As more people attend lectures and courses given by BeyondRisør's representatives,
and as the popularity of beyondrisor.no and the design challenges increases, the
reputation and value of the organisation (and DTIL) will hopefully increase. This
in turn will lead to BeyondRisør establishing itself as one of the main actors within
design and business networking, meaning that it is the main organisation people
will contact when in need of such services. The knock-on effect of this will mean
even greater numbers of actively involved users. It is therefore vital that during the
next five years BeyondRisør targets relevant and appropriate institutes, companies
and individuals who are willing to help promote the brand and DTIL within their
own networks.

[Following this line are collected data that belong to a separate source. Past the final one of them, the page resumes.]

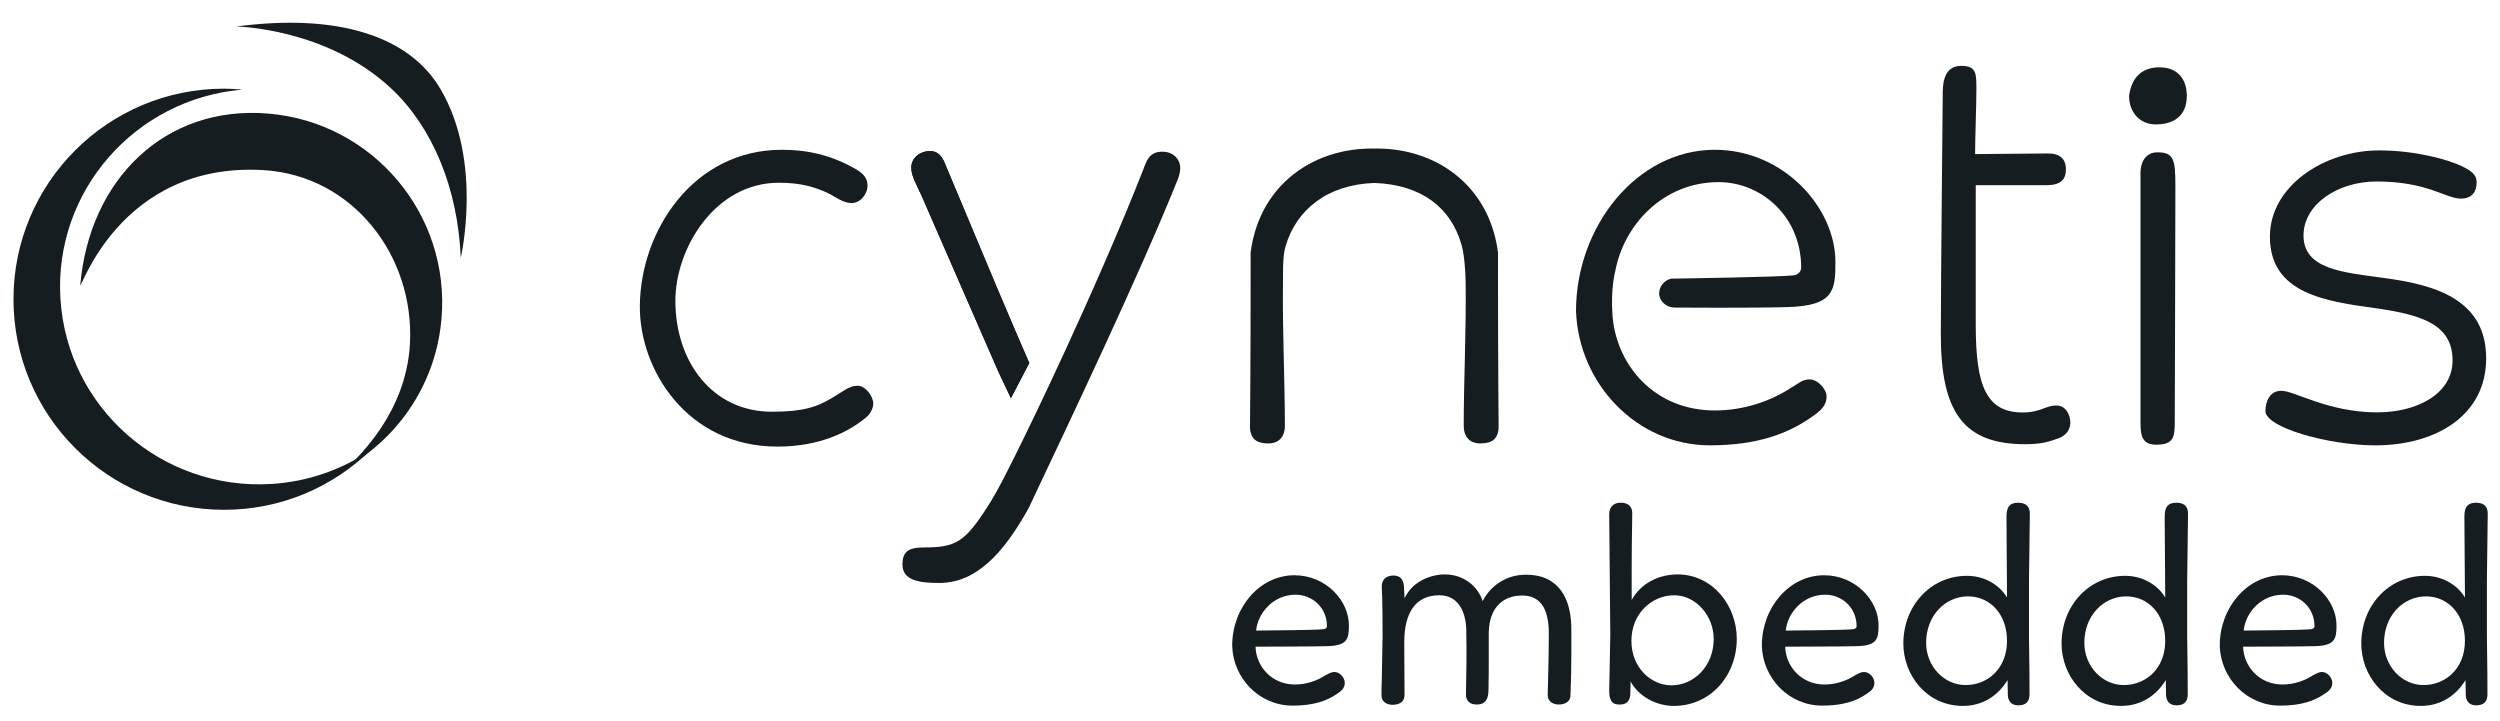 <svg width="326" height="94" viewBox="0 0 326 94" fill="none" xmlns="http://www.w3.org/2000/svg">
<path d="M113.128 24.245C113.128 25.154 112.302 26.477 111.061 26.477C109.903 26.477 109.077 25.734 107.918 25.154C106.264 24.41 104.527 23.831 101.55 23.831C93.197 23.831 88.069 32.433 88.069 39.216C88.069 47.239 92.948 53.688 100.64 53.688C104.694 53.688 106.512 53.11 108.663 51.787C109.821 51.125 110.73 50.298 111.805 50.298C112.88 50.298 113.873 51.705 113.873 52.615C113.873 53.193 113.542 53.855 113.128 54.267C110.648 56.419 106.76 58.236 101.384 58.236C89.557 58.236 83.354 48.146 83.436 39.877C83.52 30.116 90.383 19.531 101.963 19.531C105.024 19.531 108.331 20.11 111.805 22.177C112.715 22.756 113.128 23.335 113.128 24.245Z" fill="#151D21"/>
<path d="M123.054 20.936C122.723 20.357 122.31 19.695 121.235 19.695C120.076 19.695 118.835 20.523 118.835 21.845C118.835 23.004 119.497 23.997 120.159 25.485L130.084 48.23L131.82 51.928L134.217 47.338C131.861 41.95 129.019 35.214 123.054 20.936Z" fill="#151D21"/>
<path d="M123.054 20.936C122.723 20.357 122.31 19.695 121.235 19.695C120.076 19.695 118.835 20.523 118.835 21.845C118.835 23.004 119.497 23.997 120.159 25.485L130.084 48.23L131.82 51.928L134.217 47.338C131.861 41.95 129.019 35.214 123.054 20.936Z" fill="#151D21"/>
<path d="M151.588 19.779C149.851 19.779 149.52 20.936 149.025 22.26C142.573 38.635 133.697 56.725 133.697 56.725C131.651 60.896 130.203 63.851 128.76 66.095C125.782 70.726 124.625 71.388 120.407 71.388C118.34 71.388 117.678 72.05 117.678 73.62C117.678 75.772 120.077 76.019 122.475 76.019C127.272 76.019 130.829 72.215 134.137 66.259C139.512 54.846 148.445 36.154 153.573 23.418C153.738 23.003 153.904 22.424 153.904 21.928C153.904 20.605 152.827 19.779 151.588 19.779Z" fill="#151D21"/>
<path d="M195.338 33.51L195.346 33.001C194.876 29.186 193.271 26.018 190.872 23.705C187.989 20.925 183.983 19.367 179.509 19.367C179.406 19.367 179.31 19.374 179.21 19.375C179.11 19.374 179.014 19.367 178.911 19.367C174.437 19.367 170.432 20.925 167.549 23.705C165.151 26.018 163.545 29.185 163.075 33.001L163.083 33.51C163.083 50.298 163 53.028 163 55.758C163 55.898 163.013 56.025 163.029 56.152C163.226 57.186 163.783 57.825 165.399 57.825C166.721 57.825 167.549 56.997 167.549 55.509C167.549 49.719 167.218 43.02 167.3 36.817C167.318 35.406 167.244 33.485 167.627 32.155C169.001 27.389 173.026 24.071 179.209 23.858C185.392 24.071 189.195 27.105 190.57 31.872C190.954 33.201 191.101 35.406 191.119 36.817C191.203 43.02 190.87 49.719 190.87 55.509C190.87 56.997 191.699 57.825 193.022 57.825C194.638 57.825 195.196 57.186 195.39 56.152C195.406 56.025 195.42 55.897 195.42 55.758C195.422 53.028 195.338 50.298 195.338 33.51Z" fill="#151D21"/>
<path d="M235.949 49.472C234.955 49.472 234.376 50.134 233.714 50.463C230.987 52.284 227.428 53.524 223.626 53.524C215.78 53.524 210.946 47.729 210.305 41.53L210.299 41.529C210.296 41.501 210.296 41.479 210.295 41.453C210.284 41.341 210.28 41.227 210.271 41.113C210.01 37.711 210.614 35.418 210.614 35.418H210.622C211.696 29.401 216.826 23.748 224.119 23.748C229.579 23.748 234.873 28.132 234.873 34.913C234.873 35.328 234.542 35.823 233.881 35.906C231.952 36.129 218.95 36.322 217.947 36.332C217.067 36.507 216.353 37.329 216.353 38.241C216.353 39.272 217.291 40.109 218.399 40.109C218.399 40.109 228.856 40.183 233.134 40.042C239.173 39.877 239.338 37.809 239.338 34.169C239.338 26.973 232.474 19.531 223.624 19.531C213.369 19.531 205.512 29.621 205.512 40.537C205.843 50.049 213.452 58.071 222.962 58.071C229.082 58.071 233.134 56.583 236.277 54.348C237.352 53.604 238.181 52.942 238.181 51.703C238.183 50.712 237.023 49.472 235.949 49.472Z" fill="#151D21"/>
<path d="M253.331 12.478C253.331 11.403 253.248 8.588 255.733 8.588C257.802 8.588 257.72 9.663 257.72 11.816C257.72 13.885 257.555 17.775 257.555 20.094L267.075 20.01C268.566 20.01 269.393 20.674 269.393 22.08C269.393 23.486 268.649 24.149 266.827 24.149H257.638V42.443C257.638 50.392 259.046 53.785 263.763 53.785C266.082 53.785 266.745 52.876 268.151 52.876C269.393 52.876 269.973 54.117 269.973 55.109C269.973 56.02 269.393 56.764 268.566 57.096C267.24 57.593 266.247 57.925 264.094 57.925C256.065 57.925 253.083 53.785 253.083 43.603C253.083 37.478 253.331 12.478 253.331 12.478Z" fill="#151D21"/>
<path d="M281.272 19.861C283.504 19.861 283.671 20.771 283.671 24.41C283.671 30.53 283.589 54.928 283.589 54.928C283.589 56.914 283.504 57.989 281.19 57.989C279.451 57.989 279.12 56.996 279.12 55.178V22.426C279.205 20.523 280.28 19.861 281.272 19.861Z" fill="#151D21"/>
<path d="M277.632 12.502C277.963 10.021 279.37 8.779 281.602 8.779C283.917 8.779 285.159 10.269 285.159 12.502C285.159 15.148 283.423 16.224 281.106 16.224C279.039 16.224 277.632 14.652 277.632 12.502Z" fill="#151D21"/>
<path d="M321.053 21.683C322.213 22.261 322.954 22.758 322.954 23.749C322.954 24.991 322.375 25.899 320.89 25.899C318.904 25.899 316.587 23.667 309.889 23.667C304.845 23.667 300.379 26.645 300.379 30.699C300.379 35.08 305.339 35.495 310.799 36.239C317.744 37.148 324.196 39.134 324.196 46.743C324.196 54.104 317.744 58.074 309.724 58.074C303.685 58.074 295.414 55.758 295.414 53.606C295.414 52.449 295.911 50.96 297.484 50.96C299.219 50.96 303.603 53.772 309.971 53.772C315.184 53.772 319.815 51.373 319.815 46.989C319.815 42.276 315.678 41.035 309.889 40.208C303.437 39.3 295.995 38.387 295.995 30.862C295.995 24.244 303.106 19.613 310.222 19.613C314.932 19.615 319.152 20.773 321.053 21.683Z" fill="#151D21"/>
<path d="M168.868 89.259C170.354 89.259 171.803 88.752 172.82 88.063C173.219 87.881 173.544 87.628 174.014 87.628C174.704 87.628 175.356 88.353 175.356 89.041C175.356 89.695 174.957 90.092 174.379 90.455C173.037 91.398 171.297 92.014 168.542 92.014C164.229 92.014 160.785 88.461 160.677 84.184C160.677 79.255 164.229 75.014 168.796 75.014C172.89 75.014 175.899 78.313 175.899 81.538C175.899 83.278 175.717 84.183 173.145 84.257C170.462 84.329 167.925 84.291 163.721 84.329C163.793 86.866 165.788 89.259 168.868 89.259ZM163.793 82.226C165.896 82.19 171.078 82.19 172.601 82.045C172.89 82.009 173.037 81.828 173.037 81.682C173.037 79.18 171.078 77.549 168.941 77.549C166.077 77.55 164.048 79.87 163.793 82.226Z" fill="#151D21"/>
<path d="M180.181 76.499C180.181 75.52 180.797 75.049 181.74 75.049C182.574 75.049 183.008 75.557 183.082 76.499L183.153 78.021C184.168 75.811 186.562 74.904 188.408 74.904C190.873 74.904 192.723 76.463 193.339 78.384C194.316 76.463 196.311 74.941 198.992 74.941C203.306 74.941 204.902 78.095 204.902 82.044V85.488C204.902 87.082 204.864 88.678 204.792 90.635C204.792 91.578 203.959 91.868 203.269 91.868C202.508 91.868 201.82 91.468 201.82 90.635C201.856 88.895 201.964 85.669 201.964 82.624C201.964 79.689 201.094 77.659 198.485 77.659C196.02 77.659 194.243 79.181 194.134 82.371V86.068C194.134 87.082 194.134 88.496 194.098 89.947C194.098 91.071 193.773 91.904 192.504 91.868C191.744 91.868 191.162 91.432 191.162 90.599C191.2 87.156 191.271 86.068 191.2 82.008C191.091 79.544 190.04 77.623 187.682 77.623C184.53 77.623 183.117 79.979 183.117 83.748L183.151 90.708C183.117 91.578 182.391 91.904 181.594 91.904C180.869 91.904 180.145 91.541 180.145 90.67C180.145 90.126 180.145 89.728 180.179 88.895L180.288 82.951C180.289 77.586 180.181 76.933 180.181 76.499Z" fill="#151D21"/>
<path d="M211.323 65.553C212.047 65.553 212.847 65.807 212.847 66.967C212.737 72.658 212.773 77.732 212.773 78.239C213.968 76.064 216.288 74.904 218.755 74.904C223.357 74.904 226.475 79 226.475 83.278C226.475 88.208 222.961 92.051 218.282 92.051C215.999 92.051 213.716 90.855 212.629 88.861L212.593 90.6C212.484 91.543 212.014 91.905 211.107 91.869C210.238 91.869 209.839 91.361 209.839 90.093L209.983 82.772L209.839 67.003C209.874 65.951 210.562 65.553 211.323 65.553ZM218.32 77.623C215.385 77.623 212.737 80.015 212.737 83.567C212.737 87.082 215.312 89.367 217.957 89.367C220.858 89.367 223.466 86.902 223.466 83.313C223.466 80.305 221.146 77.623 218.32 77.623Z" fill="#151D21"/>
<path d="M237.932 89.259C239.418 89.259 240.868 88.752 241.885 88.063C242.284 87.881 242.61 87.628 243.08 87.628C243.77 87.628 244.422 88.353 244.422 89.041C244.422 89.695 244.023 90.092 243.444 90.455C242.102 91.398 240.361 92.014 237.607 92.014C233.293 92.014 229.852 88.461 229.744 84.184C229.744 79.255 233.294 75.014 237.863 75.014C241.959 75.014 244.966 78.313 244.966 81.538C244.966 83.278 244.783 84.183 242.212 84.257C239.53 84.329 236.991 84.291 232.789 84.329C232.859 86.866 234.852 89.259 237.932 89.259ZM232.859 82.226C234.962 82.19 240.144 82.19 241.668 82.045C241.959 82.009 242.103 81.828 242.103 81.682C242.103 79.18 240.145 77.549 238.008 77.549C235.143 77.55 233.113 79.87 232.859 82.226Z" fill="#151D21"/>
<path d="M264.58 75.812V82.914C264.58 84.546 264.65 86.249 264.65 90.562C264.65 91.541 264.107 91.977 263.203 91.977C262.331 91.977 261.897 91.505 261.823 90.708L261.788 88.679C260.555 90.708 258.564 92.05 255.954 92.05C251.206 92.05 248.196 87.989 248.196 83.931C248.196 78.965 251.784 75.087 256.498 75.087C258.673 75.087 260.665 76.173 261.716 77.913L261.645 67.331C261.645 66.097 262.08 65.555 263.166 65.555C264.036 65.555 264.691 65.918 264.691 66.969L264.58 75.812ZM256.314 89.331C259.178 89.331 261.715 87.192 261.715 83.568C261.715 80.052 259.468 77.768 256.641 77.768C253.669 77.768 251.167 80.269 251.167 83.821C251.167 86.865 253.487 89.331 256.314 89.331Z" fill="#151D21"/>
<path d="M285.208 75.812V82.914C285.208 84.546 285.281 86.249 285.281 90.562C285.281 91.541 284.738 91.977 283.831 91.977C282.962 91.977 282.526 91.505 282.454 90.708L282.419 88.679C281.185 90.708 279.193 92.05 276.582 92.05C271.834 92.05 268.827 87.989 268.827 83.931C268.827 78.965 272.415 75.087 277.126 75.087C279.301 75.087 281.295 76.173 282.347 77.913L282.273 67.331C282.273 66.097 282.708 65.555 283.797 65.555C284.667 65.555 285.319 65.918 285.319 66.969L285.208 75.812ZM276.945 89.331C279.809 89.331 282.345 87.192 282.345 83.568C282.345 80.052 280.099 77.768 277.272 77.768C274.3 77.768 271.798 80.269 271.798 83.821C271.798 86.865 274.118 89.331 276.945 89.331Z" fill="#151D21"/>
<path d="M297.647 89.259C299.132 89.259 300.583 88.752 301.596 88.063C301.996 87.881 302.321 87.628 302.794 87.628C303.481 87.628 304.133 88.353 304.133 89.041C304.133 89.695 303.737 90.092 303.156 90.455C301.813 91.398 300.075 92.014 297.321 92.014C293.007 92.014 289.564 88.461 289.455 84.184C289.455 79.255 293.008 75.014 297.574 75.014C301.67 75.014 304.68 78.313 304.68 81.538C304.68 83.278 304.498 84.183 301.923 84.257C299.242 84.329 296.705 84.291 292.501 84.329C292.572 86.866 294.566 89.259 297.647 89.259ZM292.572 82.226C294.675 82.19 299.857 82.19 301.378 82.045C301.669 82.009 301.813 81.828 301.813 81.682C301.813 79.18 299.858 77.549 297.72 77.549C294.854 77.55 292.825 79.87 292.572 82.226Z" fill="#151D21"/>
<path d="M324.291 75.812V82.914C324.291 84.546 324.364 86.249 324.364 90.562C324.364 91.541 323.821 91.977 322.914 91.977C322.045 91.977 321.609 91.505 321.537 90.708L321.502 88.679C320.269 90.708 318.276 92.05 315.665 92.05C310.917 92.05 307.91 87.989 307.91 83.931C307.91 78.965 311.498 75.087 316.209 75.087C318.384 75.087 320.378 76.173 321.43 77.913L321.356 67.331C321.356 66.097 321.791 65.555 322.88 65.555C323.75 65.555 324.402 65.918 324.402 66.969L324.291 75.812ZM316.027 89.331C318.89 89.331 321.427 87.192 321.427 83.568C321.427 80.052 319.181 77.768 316.354 77.768C313.381 77.768 310.879 80.269 310.879 83.821C310.879 86.865 313.199 89.331 316.027 89.331Z" fill="#151D21"/>
<path d="M35.021 14.813C21.409 13.657 11.63 23.534 10.474 37.144C10.367 38.385 15.436 21.04 34.394 22.186C45.92 22.887 54.053 33.261 53.458 44.792C52.985 53.936 46.527 59.615 45.68 60.65C52.237 56.696 56.877 49.767 57.572 41.557C58.731 27.946 48.635 15.973 35.021 14.813Z" fill="#151D21"/>
<path d="M7.88 38.955C7.018 24.946 17.595 12.884 31.608 11.685C30.819 11.615 30.024 11.562 29.217 11.562C14.052 11.562 1.758 23.857 1.758 39.023C1.758 54.184 14.052 66.478 29.217 66.478C36.649 66.478 43.379 63.516 48.322 58.717C44.603 61.216 40.2 62.814 35.394 63.108C21.071 63.986 8.753 53.172 7.88 38.955Z" fill="#151D21"/>
<path d="M30.796 3.457C30.796 3.457 42.574 3.624 51.04 11.563C56.367 16.558 59.715 24.508 60.081 33.622C60.081 33.622 63.037 21.064 57.411 11.563C53.452 4.875 44.378 1.66 30.796 3.457Z" fill="#151D21"/>
</svg>

Educational partnerships with institutions like AHO, appointing
brand ambassadors, and recruiting passionate and enthusiastic volunteers
from Risør and other places in Norway will be key moves in the early phases of
implementing this strategy.

Conclusion

For this S.O.D. task, we chose to concentrate BeyondRisør's future strategy on
two main arenas: the physical meeting place (the Biennale and design labs in Risør)
and the digital knowledge network, in order to become the main hub for design
and business innovation in Norway. We feel that it is important create an online
platform for knowledge exchange, creative exchange and resource sharing because a)
BeyondRisør already has a legacy for creating/facilitating meetings between business
and design (the previous biennales and pilot projects), and b) because creating
something as part of a collaborative effort is more likely to have an impact and to
develop into something plausible:

"Collaborative production, where people have to coordinate with one another
to get anything done, is considerably harder than simple sharing, but the results
can be more profound. New tools allow large groups to collaborate, taking
advantage of nonfinancial motivations and by allowing for wildly differing levels of
contributions." (Shirky, p.109, 2008).

However, the events that BeyondRisør organise offline, in the real world, will also
be of important value to the users. Being able to meet people face to face in the
right setting, having a casual conversation about the Design to Improve Life, and
exchanging business cards are features of BeyondRisør that the website could never
fully replace: "When people run into each other, when they make eye contact,
things happen." (Brad Bird, as quoted in Lehrer, 2011).

Bibliography

INDEX (2011), Design to Improve Life! Do It!, http://www.indexaward.dk/index.
php?option=com_content&view=article&id=30&Itemid=8.
Available: 8 December 2011.
Lehrer, Jonas (2011), Steve Jobs: "Technology Alone is Not Enough,
http://www.newyorker.com/online/blogs/newsdesk/2011/10/steve-jobs-pixar.
html?mbid=social_retweet.
Available: 7 October 2011.
Shirky, Clay (2008), Here Comes Everybody: The Power of Organising without
Organisations, The Penguin Press, New York.